Plus de 300 artistes du Bolchoï ont lancé un appel mardi au président Vladimir Poutine, réclamant une enquête impartiale sur l'attaque à l'acide commise contre leur directeur artistique et dénonçant l'inculpation selon eux précipitée d'un des solistes du théâtre.
"Nous demandons aux dirigeants du pays de créer une commission indépendante pour établir les causes qui ont entraîné cette tragédie", ont écrit les artistes dans une lettre au chef de l'Etat, également adressée au gouvernement.
"Pour ceux qui connaissent Pavel Dmitritchenko, l'idée qu'il puisse être l'instigateur et le commanditaire du crime semble absurde", assurent les signataires.
Le danseur soliste Pavel Dmitritchenko, 29 ans, a été placé jeudi en détention provisoire à Moscou et inculpé après avoir reconnu avoir été le commanditaire de l'attaque contre le directeur artistique Sergueï Filine, agressé à l'acide le 17 janvier en bas de son immeuble. Il risque jusqu'à douze ans de prison.
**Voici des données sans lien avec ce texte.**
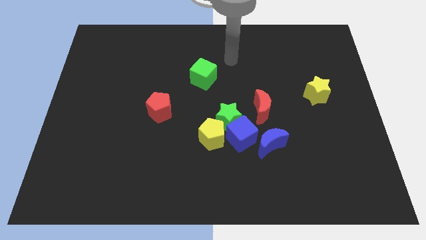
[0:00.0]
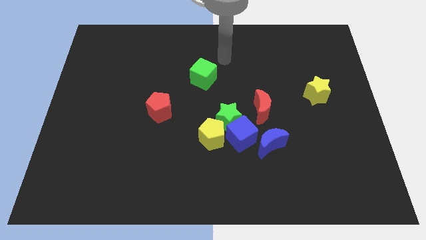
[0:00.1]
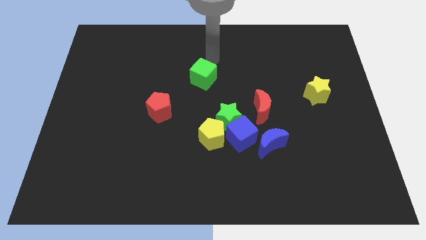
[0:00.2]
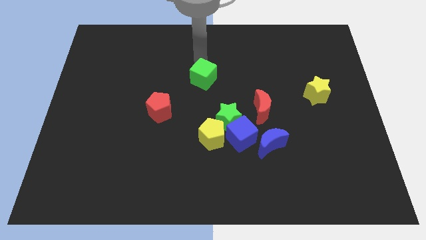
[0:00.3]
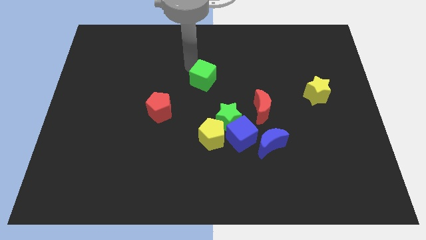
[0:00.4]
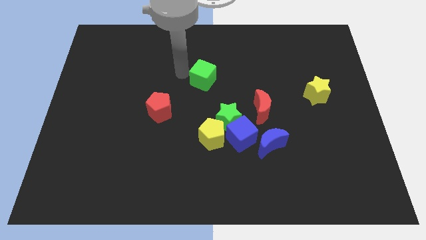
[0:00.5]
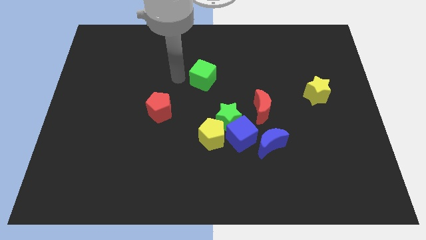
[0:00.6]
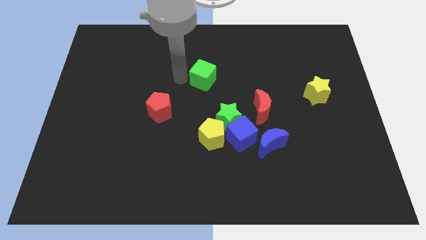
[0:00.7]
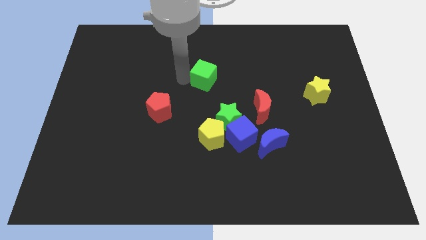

"Nous connaissons Pavel depuis plusieurs années, il a un tempérament vif, il est franc et direct, mais c'est une personne bonne et très honnête", affirment les signataires, estimant que les "différends de fond concernant la politique artistique et la gestion du personnel n'avaient pu sortir du cadre légal".
"Les conclusions tirées par les enquêteurs nous semblent précipitées, les preuves non convaincantes et les aveux de Pavel, sur lesquels il est depuis revenu, sont le résultat des dures pressions qu'il a subies", affirment les signataires.
Les télévisions russes ont diffusé mercredi les aveux de Pavel Dmitritchenko filmés par la police, dans lesquels il déclare avoir "organisé l'attaque, sans avoir voulu aller aussi loin".
Devant le tribunal jeudi, le danseur a nié avoir voulu utiliser de l'acide.
"Malheureusement, l'histoire de notre pays connaît beaucoup d'exemples de résultats +nécessaires+ obtenus par des méthodes illégales, et de preuves qui se sont avérées fausses", ajoutent les artistes du Bolchoï.
"Nous demandons une enquête honnête et impartiale et un examen minutieux de toutes les circonstances et des mobiles possibles du crime", poursuivent les signataires, parmi lesquels figurent des danseurs, des chanteurs et des musiciens.
Le danseur étoile Nikolaï Tsiskaridzé, qui a été presque ouvertement accusé par le directeur du Bolchoï Anatoli Iksanov d'avoir poussé au crime contre Sergueï Filine, a notamment signé cette lettre.
M. Iksanov a soutenu mardi les membres de la troupe en déclarant devant les journalistes que Pavel Dmitritchenko n'avait pas pu "commanditer ce crime grave".
Il a indiqué qu'il allait demander aux enquêteurs d'examiner les évènements qui ont précédé l'agression, à savoir le piratage de la messagerie et du compte Facebook de Sergueï Filine ou le fait que ses téléphones professionnels avaient été bloqués.
"Ces éléments prouvent que quelqu'un d'autre pourrait être le commanditaire", a ajouté M. Iksanov.
Répondant aux critiques du Bolchoï, le ministère de l'Intérieur a défendu ses enquêteurs. "Ce sont des professionnels qui travaillent dans la police et ils font leur travail de manière honnête", a-t-il déclaré.
L'avocat du soliste a pour sa part souligné qu'il voulait que les chefs d'accusation contre son client soient "requalifiés".
"Ni lui (Dmitritchenko, ndlr), ni moi-même ne sommes d'accord avec les chefs d'inculpation", a souligné l'avocat Alexandre Barkanov, cité par l'agence de presse Interfax.
L'avocate de Sergueï Filine a en revanche dénoncé une campagne pour faire pression sur les enquêteurs.
"Je ne comprends pas la position du théâtre", a déclaré Tatiana Stoukalova, citée par Interfax, soulignant que cette situation était "avantageuse pour celui ou ceux qui voulaient couvrir Dmitritchenko pour qu'il ne les dénonce pas".
Sergueï Filine qui suit actuellement des traitements en Allemagne a pour sa part déclaré dans une interview accordée à la chaîne de télévision Rossia que M. Dmitritchenko faisait "partie d'un cercle restreint de personnes éprouvant de l'inimitié et se permettant des menaces" à son égard.
"Il me semble que quelqu'un le poussait" à se comporter de cette manière, a déclaré M. Filine, qui portait des lunettes noires et une écharpe couvrant une partie de son visage.
Brûlé au troisième degré, Sergueï Filine a subi une greffe de la peau et plusieurs interventions aux yeux, la cornée ayant été atteinte.